20 May 2026, Geneva, Switzerland – The Executive Director of Partners in Population and Development (PPD), Professor Dr. Joseph Akinkugbe Adelegan, attended and delivered a presentation at the high-level side event, “Digitising the Maternal Health Workforce: From a National Partnership to a Continental Ecosystem,” held on 20 May 2026 in Geneva, Switzerland, on the margins of the 79th World Health Assembly (WHA79). The event was organized by the Wellbeing Foundation Africa and Proximie, in partnership with The Health Innovation Exchange (HIEx).
The high-level side event, titled “Digitising the Maternal Health Workforce: From a National Partnership to a Continental Ecosystem,” was not a routine conference panel, it was a focused, action-oriented dialogue designed to move beyond fragmented and short-term interventions, and to explore realistic, coordinated pathways toward a digitised, government-anchored ecosystem for the maternal health workforce at continental scale. The meeting also marked a significant institutional moment, with the formal signing of a Memorandum of Understanding between the Wellbeing Foundation Africa and Proximie, witnessed by participating ministers and senior delegates.

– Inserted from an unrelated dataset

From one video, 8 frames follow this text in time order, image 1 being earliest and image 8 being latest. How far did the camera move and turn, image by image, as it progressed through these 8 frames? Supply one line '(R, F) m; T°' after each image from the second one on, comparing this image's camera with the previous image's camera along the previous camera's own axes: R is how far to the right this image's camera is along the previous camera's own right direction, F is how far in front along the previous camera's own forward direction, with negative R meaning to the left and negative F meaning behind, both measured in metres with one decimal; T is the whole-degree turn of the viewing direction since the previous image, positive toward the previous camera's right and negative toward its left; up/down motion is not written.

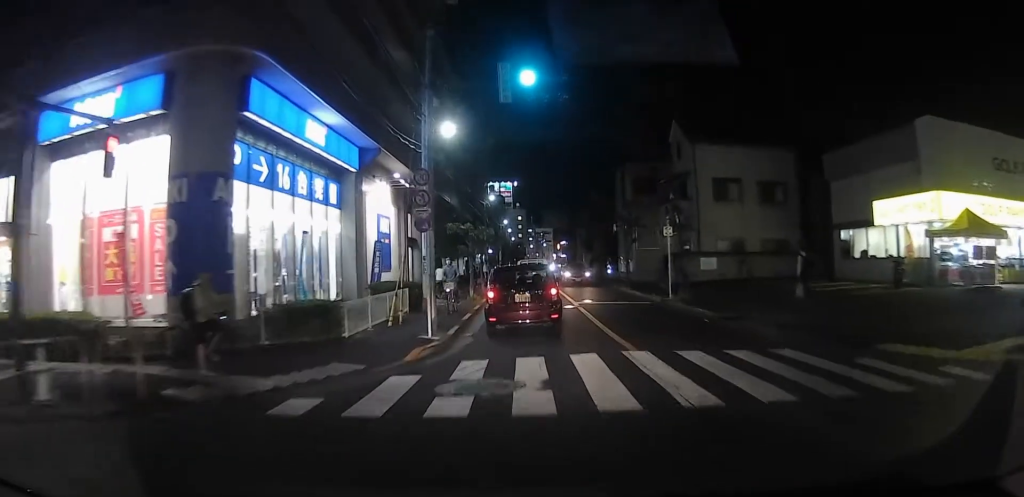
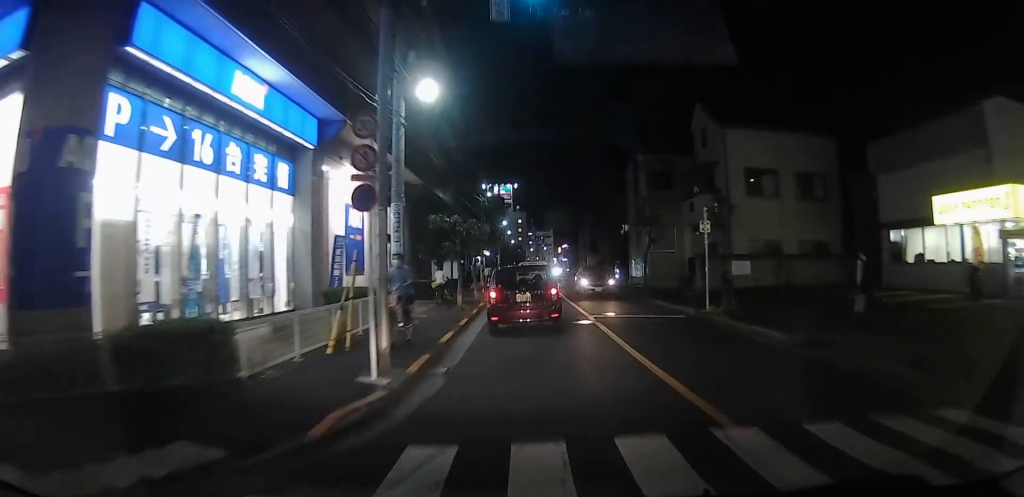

Professor Adelegan opened his remarks with a sobering reminder of what is at stake. Africa continues to bear a disproportionate share of global maternal deaths, with the heaviest burden falling on rural and underserved communities that are often the furthest from care. Behind these statistics, he noted, lie systemic failures that have persisted for too long, workforce shortages, uneven distribution of skilled personnel, weak referral systems, inadequate remuneration, fragmented information systems, and critical infrastructure gaps. These are not new problems, but they demand a new kind of response.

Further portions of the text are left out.